Les auteurs suggèrent que cela arrive parce que lorsqu'un médecin est au milieu d'une urgence médicale, il est tellement concentré sur le sauvetage de la vie qu'il oublie de noter les informations. C'est comme un pompier combattant un incendie ; il est trop occupé à combattre le feu pour remplir le rapport d'incident. Cela crée un écart dangereux : les personnes qui ont le plus besoin du filet de sécurité sont celles qui sont les moins susceptibles de l'avoir.

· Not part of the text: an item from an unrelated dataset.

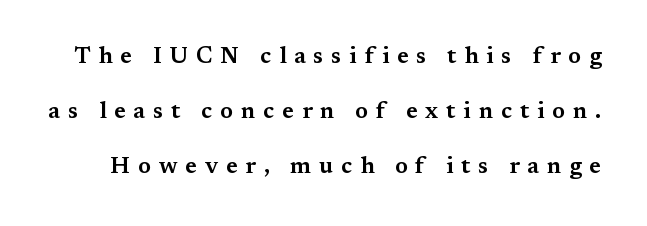
The image shows 23 px text type, upright; set loose line spacing (2.39x), unusually wide letter spacing (+0.34 em), not underlined.
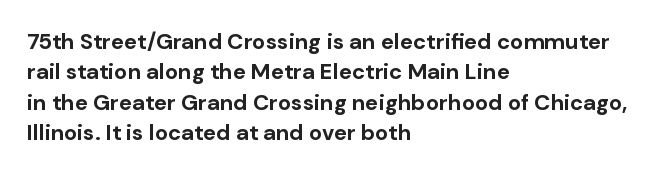
{"italic": "no", "bold": "yes", "underline": "no", "align": "left", "line_spacing": "normal", "line_spacing_ratio": 1.38, "letter_spacing": "normal", "letter_spacing_em": 0.0, "glyph_px": 22}

L'ingrédient secret : Temps et Technologie
Alors, quelle était la différence entre les hôpitaux ? Les chercheurs ont découvert que l'hôpital le plus performant (Établissement 2) utilisait la liste de contrôle depuis 2018, avait formé 21 membres du personnel, disposait d'un « champion » dédié pour maintenir tout le monde sur la bonne voie et, surtout, avait intégré la liste de contrôle dans son système informatique (Dossier Médical Électronique). Cet hôpital affichait un taux de complétion de 62,4 %.

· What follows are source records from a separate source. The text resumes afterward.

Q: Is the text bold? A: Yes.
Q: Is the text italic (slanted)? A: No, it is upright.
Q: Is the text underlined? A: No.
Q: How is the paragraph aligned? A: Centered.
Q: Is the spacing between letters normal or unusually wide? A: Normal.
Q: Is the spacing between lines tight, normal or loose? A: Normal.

En revanche, l'hôpital ayant commencé l'utilisation de la liste de contrôle le plus récemment (en 2025) et sans soutien continu ni intégration informatique, peinait fortement, avec un taux de complétion de seulement 21,2 %. L'étude a montré que plus un établissement conservait la liste de contrôle et soutenait son personnel, mieux il réussissait. Pour chaque mois passé à utiliser la liste, les chances de l'utiliser correctement augmentaient de 12 %. Ce n'était pas magique ; c'était simplement de la pratique et du soutien. L'étude a également révélé que lorsque la liste faisait partie du système informatique utilisé quotidiennement par les médecins, la complétion bondissait entre 86 % et 100 %. Lorsqu'il ne s'agissait que d'un formulaire papier, elle finissait souvent par être ignorée.
Ce que l'étude NE dit PAS
Les chercheurs ont veillé à préciser ce qu'ils n'avaient pas trouvé. Ils n'ont pas conclu que la liste de contrôle elle-même était trop difficile à comprendre ; le personnel a déclaré qu'elle était « facile » ou « très facile » à utiliser. Le problème n'était pas l'outil, mais le système qui l'entourait. Ils n'ont pas non plus trouvé que la liste arrêtait miraculeusement tous les décès dans ce groupe spécifique (bien qu'ils aient noté qu'un bébé soit décédé et qu'aucune mère ne soit décédée dans leur petit échantillon), car l'étude portait sur le degré d'utilisation de la liste, et non sur un test visant à vérifier si elle sauvait des vies dans ce groupe précis. Ils ont aussi précisé que l'étude était limitée à seulement trois établissements, donc nous ne pouvons pas affirmer avec certitude que c'est exactement ce qui se passe dans chaque hôpital du Kenya, mais cela donne un indice très fort.
L'essentiel à retenir
L'étude conclut que la Liste de contrôle de l'OMS pour l'accouchement sécurisé est un outil puissant, mais qu'on ne peut pas simplement « l'installer et l'oublier ». Elle nécessite une équipe, du temps et la technologie appropriée pour fonctionner. Si vous remettez simplement une liste de contrôle à un médecin pressé sans formation, sans soutien ou sans moyen de l'intégrer à son travail quotidien, elle finira probablement vide. La plus grande leçon ? Pour protéger les mamans et les bébés, nous devons cesser de traiter la liste de contrôle comme un événement ponctuel et commencer à la traiter comme une habitude qui se renforce chaque mois.